Among the entries below, one line contains "ているわけで、我々は４期の計画においても基礎研究、あるいは人材の教育について、" and another contains "ておりませんので、事務局の中でこの辺の対応をどうするかということを検討していく". Transcribe those two lines and every line between them, exactly.

[[ Material provided, beginning ]]

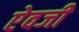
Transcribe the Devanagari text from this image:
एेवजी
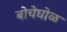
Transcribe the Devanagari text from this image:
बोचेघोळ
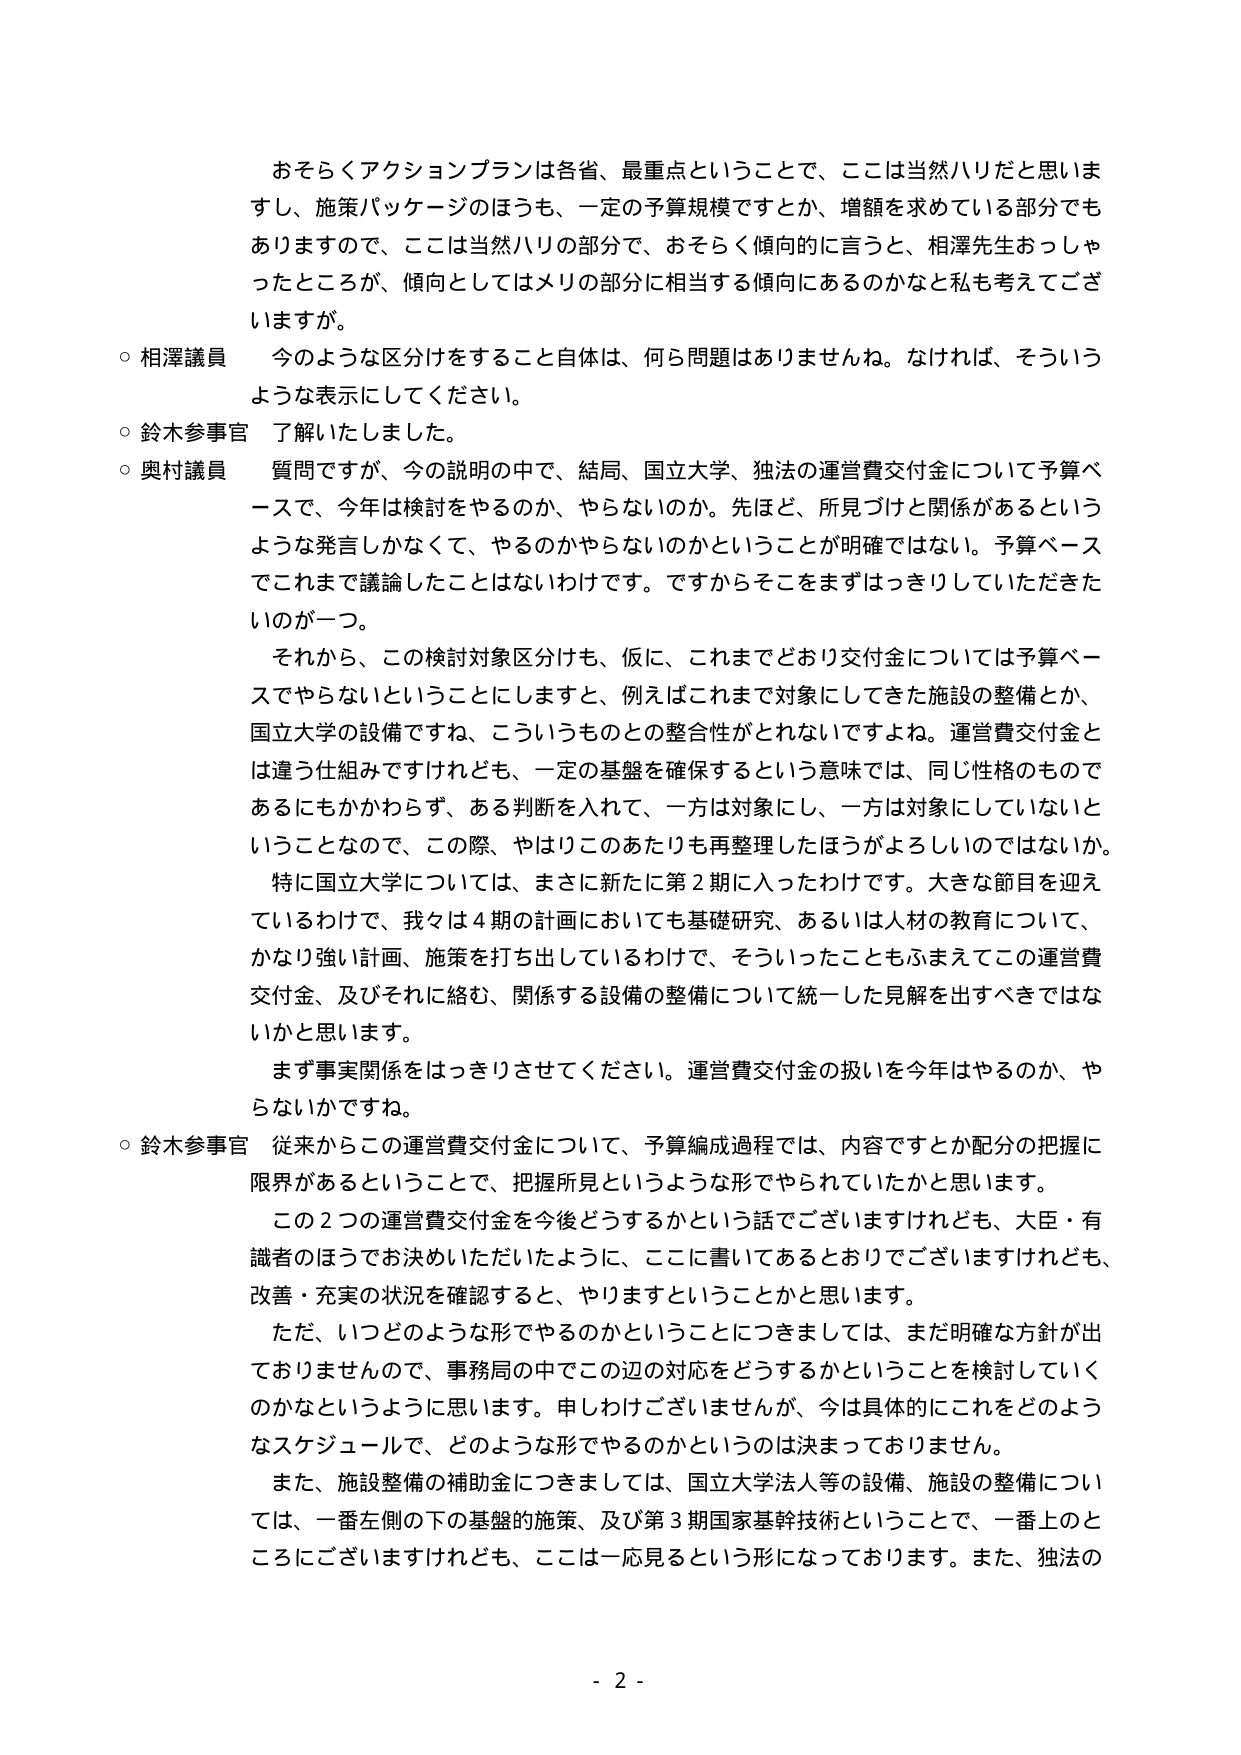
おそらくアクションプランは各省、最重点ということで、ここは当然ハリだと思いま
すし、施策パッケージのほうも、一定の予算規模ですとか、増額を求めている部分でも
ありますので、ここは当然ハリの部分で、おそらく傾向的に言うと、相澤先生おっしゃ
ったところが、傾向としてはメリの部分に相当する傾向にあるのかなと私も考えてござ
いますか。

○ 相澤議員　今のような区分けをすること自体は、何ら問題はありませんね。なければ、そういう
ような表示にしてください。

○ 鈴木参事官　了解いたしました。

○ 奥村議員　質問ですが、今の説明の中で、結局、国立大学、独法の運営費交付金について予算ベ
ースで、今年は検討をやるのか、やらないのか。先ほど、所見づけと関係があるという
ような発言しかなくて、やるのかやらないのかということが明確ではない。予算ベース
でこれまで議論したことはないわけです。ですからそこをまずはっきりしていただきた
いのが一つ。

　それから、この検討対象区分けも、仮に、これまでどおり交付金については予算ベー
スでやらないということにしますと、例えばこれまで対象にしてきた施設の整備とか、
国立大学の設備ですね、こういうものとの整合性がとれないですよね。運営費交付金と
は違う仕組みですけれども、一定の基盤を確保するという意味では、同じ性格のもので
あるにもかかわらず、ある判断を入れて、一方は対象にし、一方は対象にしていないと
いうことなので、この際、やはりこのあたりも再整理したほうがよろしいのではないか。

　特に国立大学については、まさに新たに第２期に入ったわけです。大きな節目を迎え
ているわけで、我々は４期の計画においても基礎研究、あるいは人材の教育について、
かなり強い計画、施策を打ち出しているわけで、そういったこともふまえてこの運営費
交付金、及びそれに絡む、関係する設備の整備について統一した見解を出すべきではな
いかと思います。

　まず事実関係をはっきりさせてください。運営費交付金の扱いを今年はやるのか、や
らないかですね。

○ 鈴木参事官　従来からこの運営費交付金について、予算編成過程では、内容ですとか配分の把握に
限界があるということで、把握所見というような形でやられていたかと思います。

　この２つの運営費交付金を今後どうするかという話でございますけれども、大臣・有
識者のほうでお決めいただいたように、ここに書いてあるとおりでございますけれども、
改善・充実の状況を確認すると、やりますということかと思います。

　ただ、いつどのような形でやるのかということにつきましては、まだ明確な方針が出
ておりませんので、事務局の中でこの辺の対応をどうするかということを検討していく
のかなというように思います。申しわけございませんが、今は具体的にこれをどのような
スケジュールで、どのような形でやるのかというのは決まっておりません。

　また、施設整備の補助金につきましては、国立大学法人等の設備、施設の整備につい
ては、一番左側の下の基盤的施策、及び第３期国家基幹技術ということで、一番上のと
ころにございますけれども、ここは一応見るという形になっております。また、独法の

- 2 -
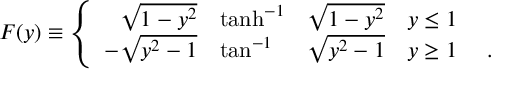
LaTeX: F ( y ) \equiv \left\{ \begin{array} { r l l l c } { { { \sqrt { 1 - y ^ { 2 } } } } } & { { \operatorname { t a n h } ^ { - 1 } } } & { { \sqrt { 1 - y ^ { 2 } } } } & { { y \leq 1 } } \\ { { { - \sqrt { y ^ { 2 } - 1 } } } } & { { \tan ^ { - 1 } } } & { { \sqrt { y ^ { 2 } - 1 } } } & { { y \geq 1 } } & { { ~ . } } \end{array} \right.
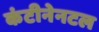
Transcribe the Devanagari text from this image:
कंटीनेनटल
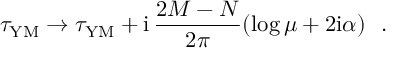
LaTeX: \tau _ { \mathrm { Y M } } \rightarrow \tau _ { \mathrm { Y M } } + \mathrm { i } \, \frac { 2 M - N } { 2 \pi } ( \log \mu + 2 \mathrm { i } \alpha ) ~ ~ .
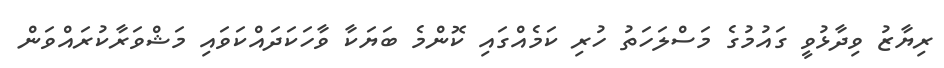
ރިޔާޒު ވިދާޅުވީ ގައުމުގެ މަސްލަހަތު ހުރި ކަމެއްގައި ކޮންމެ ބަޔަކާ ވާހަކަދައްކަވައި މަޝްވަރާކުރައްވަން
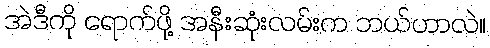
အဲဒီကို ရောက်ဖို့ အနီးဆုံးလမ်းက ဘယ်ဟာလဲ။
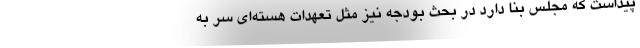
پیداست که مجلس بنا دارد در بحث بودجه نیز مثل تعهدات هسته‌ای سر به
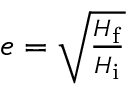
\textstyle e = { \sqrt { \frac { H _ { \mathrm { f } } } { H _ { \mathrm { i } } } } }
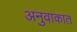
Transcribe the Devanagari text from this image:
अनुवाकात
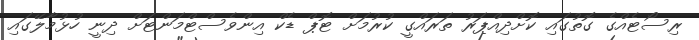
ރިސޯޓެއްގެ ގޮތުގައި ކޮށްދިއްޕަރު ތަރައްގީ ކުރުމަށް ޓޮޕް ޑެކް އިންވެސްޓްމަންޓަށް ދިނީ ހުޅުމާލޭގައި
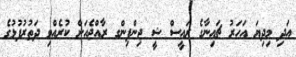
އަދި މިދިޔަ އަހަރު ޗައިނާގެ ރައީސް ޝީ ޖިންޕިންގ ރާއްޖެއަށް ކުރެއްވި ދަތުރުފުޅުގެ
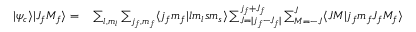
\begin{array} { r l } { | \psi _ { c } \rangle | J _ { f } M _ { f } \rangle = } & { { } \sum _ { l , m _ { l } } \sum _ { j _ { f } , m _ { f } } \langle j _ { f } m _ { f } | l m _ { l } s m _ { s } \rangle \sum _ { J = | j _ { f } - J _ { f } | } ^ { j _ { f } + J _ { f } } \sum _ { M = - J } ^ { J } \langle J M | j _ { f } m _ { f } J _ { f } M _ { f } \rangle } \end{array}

[[ Material provided, end ]]
[[ Material provided, beginning ]]

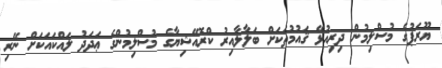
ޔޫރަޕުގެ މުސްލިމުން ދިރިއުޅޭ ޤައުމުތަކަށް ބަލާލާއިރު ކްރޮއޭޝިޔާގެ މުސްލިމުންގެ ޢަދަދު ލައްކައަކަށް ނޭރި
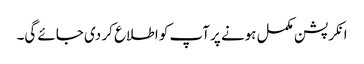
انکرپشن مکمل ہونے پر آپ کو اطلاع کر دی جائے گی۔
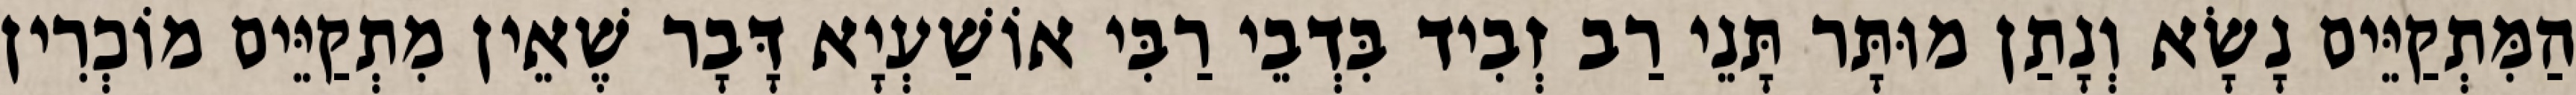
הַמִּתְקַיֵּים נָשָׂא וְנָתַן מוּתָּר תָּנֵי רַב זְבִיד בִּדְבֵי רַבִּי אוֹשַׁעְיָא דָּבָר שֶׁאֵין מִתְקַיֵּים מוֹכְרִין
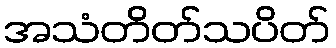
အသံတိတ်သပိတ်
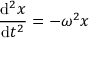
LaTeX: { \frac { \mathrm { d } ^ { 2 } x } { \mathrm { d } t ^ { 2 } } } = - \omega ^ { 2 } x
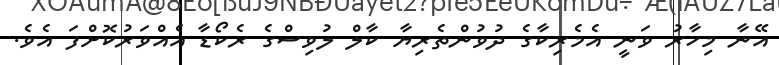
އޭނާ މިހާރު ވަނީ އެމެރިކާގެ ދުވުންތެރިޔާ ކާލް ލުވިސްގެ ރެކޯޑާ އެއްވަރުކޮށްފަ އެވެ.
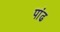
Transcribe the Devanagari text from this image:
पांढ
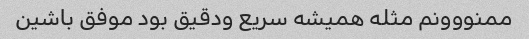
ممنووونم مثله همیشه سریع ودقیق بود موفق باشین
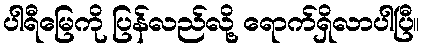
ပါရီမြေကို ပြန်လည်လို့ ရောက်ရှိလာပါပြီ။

[[ Material provided, end ]]

* _Answer to the exercise_
ているわけで、我々は４期の計画においても基礎研究、あるいは人材の教育について、
かなり強い計画、施策を打ち出しているわけで、そういったこともふまえてこの運営費
交付金、及びそれに絡む、関係する設備の整備について統一した見解を出すべきではな
いかと思います。

　まず事実関係をはっきりさせてください。運営費交付金の扱いを今年はやるのか、や
らないかですね。

○ 鈴木参事官　従来からこの運営費交付金について、予算編成過程では、内容ですとか配分の把握に
限界があるということで、把握所見というような形でやられていたかと思います。

　この２つの運営費交付金を今後どうするかという話でございますけれども、大臣・有
識者のほうでお決めいただいたように、ここに書いてあるとおりでございますけれども、
改善・充実の状況を確認すると、やりますということかと思います。

　ただ、いつどのような形でやるのかということにつきましては、まだ明確な方針が出
ておりませんので、事務局の中でこの辺の対応をどうするかということを検討していく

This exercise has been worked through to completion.